Nehmen wir nur die Luftfahrzeuge, egal ob Sea King, Transall oder weiß ich was. Hier regiert seit Jahren der Rotstift, es herrscht drastischer Ersatzteilmangel, genau wie Personalmangel.
Mal eben 10 Transall los schicken klappt schlicht und einfach nicht, so viele stehen nicht rum. Das gleiche bei den Hubschraubern. Zusätzlich brauche ich Personal, welches ausgebildet und ausgerüstet ist.
Glücklicherweise befindet sich der EAV grob im gleichen Seegebiet, so dass hier ein einsatzklarer Verband zur Verfügung steht.
Denn Reserven hat die Marine seit Jahren nicht mehr, vielmehr schlägt man sich auch hier zur Luft und zur See mit altem Material und zu wenig Ersatzteilen rum.
Daher halte ich es für das (traurigerweise) Optimum, was die Bw momentan los schickt bzw vor Ort hat.
Dass es besser gehen müsste, steht ausser Frage. Aber dafür fehlt das Geld, oder vielmehr der politische Wille.
@ TimTimTim:
Der Rotstift wird eben falsch angesetzt – nicht nur von den Politikern, sondern eben auch von den Generalen.
Für sehr viel Quatsch ist noch Geld da, aber nicht für die Rettung von Staatsbürgern?
Und das andauernde Verstecken hinter dem politischen Willen ist ganz schnell ein Bumerang. Denn der kann sich weitaus schneller ändern als sich die Bw ändern kann (Beispuiele hierfür gibt es aus den letzten Jahren genug).
Daher wäre veranwortungsvolle und vorausschauende militärische Planung notwendig. Aber die findet nunmal nicht statt. Nicht war, Herr Wieker und Herr zG?

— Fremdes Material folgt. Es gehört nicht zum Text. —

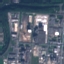
Land use / land cover: Industrial
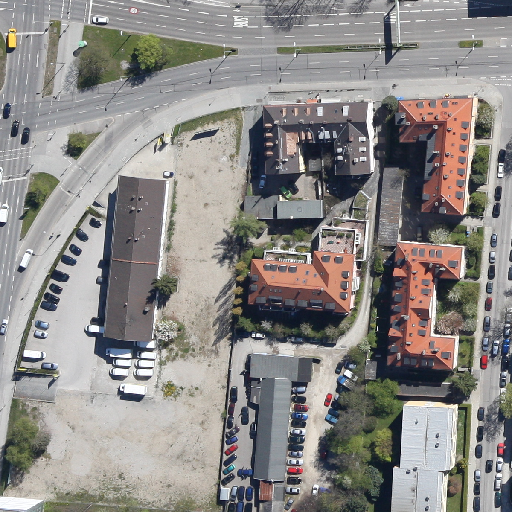
Referring expression: car
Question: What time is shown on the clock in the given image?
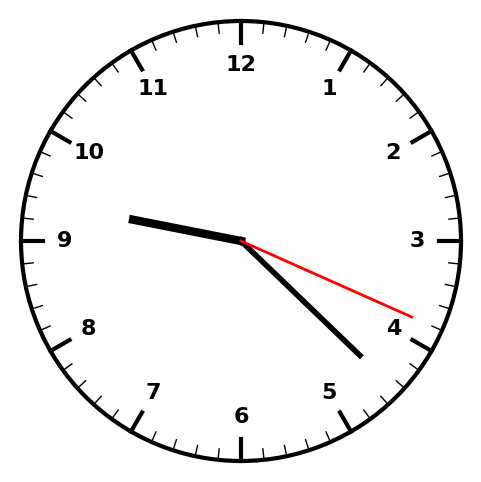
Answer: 09:22:19
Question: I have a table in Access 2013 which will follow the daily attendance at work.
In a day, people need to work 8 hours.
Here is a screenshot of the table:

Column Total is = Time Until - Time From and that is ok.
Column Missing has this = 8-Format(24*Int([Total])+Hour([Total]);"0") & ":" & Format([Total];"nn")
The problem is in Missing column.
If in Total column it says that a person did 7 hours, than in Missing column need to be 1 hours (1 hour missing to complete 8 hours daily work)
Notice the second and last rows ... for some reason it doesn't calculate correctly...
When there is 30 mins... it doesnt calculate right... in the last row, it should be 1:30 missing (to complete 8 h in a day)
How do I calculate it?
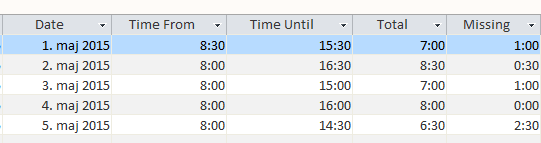
Answer: Date/Time values are actually double-precision float numbers. That means you can do math directly on them. In the results from a query, the computed values may be displayed as a double-precision float ... but you can then use 'Format()' to present them in your desired time format.
I tested this query with your sample data in Access 2010. It returns the results I think you want.
'''
SELECT
t.[Time From],
t.[Time Until],
Format((t.[Time Until] - t.[Time From]), 'h:nn') AS [Total],
Format(#08:00# - (t.[Time Until] - t.[Time From]), 'h:nn') AS [Missing]
FROM tblVolkan AS t;
'''
For any case where is greater than 8 hours, perhaps you may prefer to display as a negative value. If so, substitute this expression ...
'''
IIf(#08:00# - (t.[Time Until] - t.[Time From]) < 0, '-', '')
& Format(#08:00# - (t.[Time Until] - t.[Time From]), 'h:nn') AS [Missing]
'''
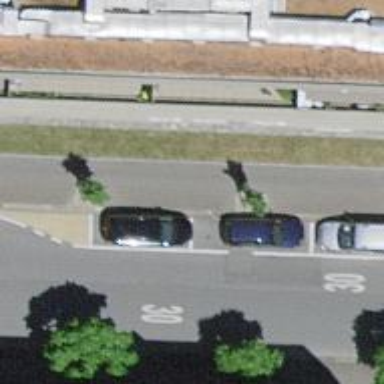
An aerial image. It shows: Street lined with broadleaved trees.
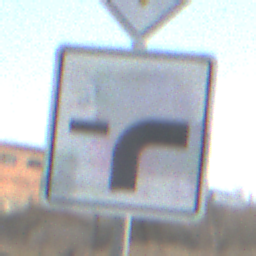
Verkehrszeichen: VerlaufVorfahrtsstrasse9
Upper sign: Vorfahrtsstrasse
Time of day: Midday
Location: Outdoor (Suburban)
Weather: PartlyCloudy
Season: NotSpecified
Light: Natural
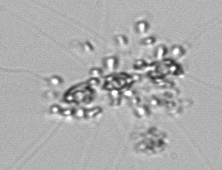
Label: Chaetoceros_didymus_TAG_external_flagellate

Laut tagesschau sind die Flugzeuge zurück in Malta.
Was die Evakuierung per Schiff angeht: Die USA hat zwei schnelle Yachten dafür gechartet (angeblich für 0,5 Mio. €).
Was mich an der ganzen Evakuierungsdiskussion hier etwas nervt:
Die Diskussion verläuft mal wieder nach dem Schema „Was kann die Bundeswehr zum Thema tolles tun“, und nicht nach dem was in solchen Situationen erforderlich ist.
Das fängt doch schon damit an, dass wohl meist die Situation so ruhig ist, dass die Bundeswehr-Flugzeuge als staatlicher Charterdienst herhalten, und das wars. Die Vorstellung, dass Bundeswehrsoldaten am Flughafen von Tripolis deutschen Flüchtlingen den Weg freischiessen ist gelinde gesagt absurd.
Wenn hingegen das totale Chaos ausbricht, dann ist durch den Zusammenbruch der Kommunikationsnetze und das Versiegen des Informationsflusses die Bundeswehr genauso blind und taub wie alle anderen Akteure auch. Vielleicht kriegt man noch ein paar Deutsche mit Satelittentelefon angepeilt, aber das wars.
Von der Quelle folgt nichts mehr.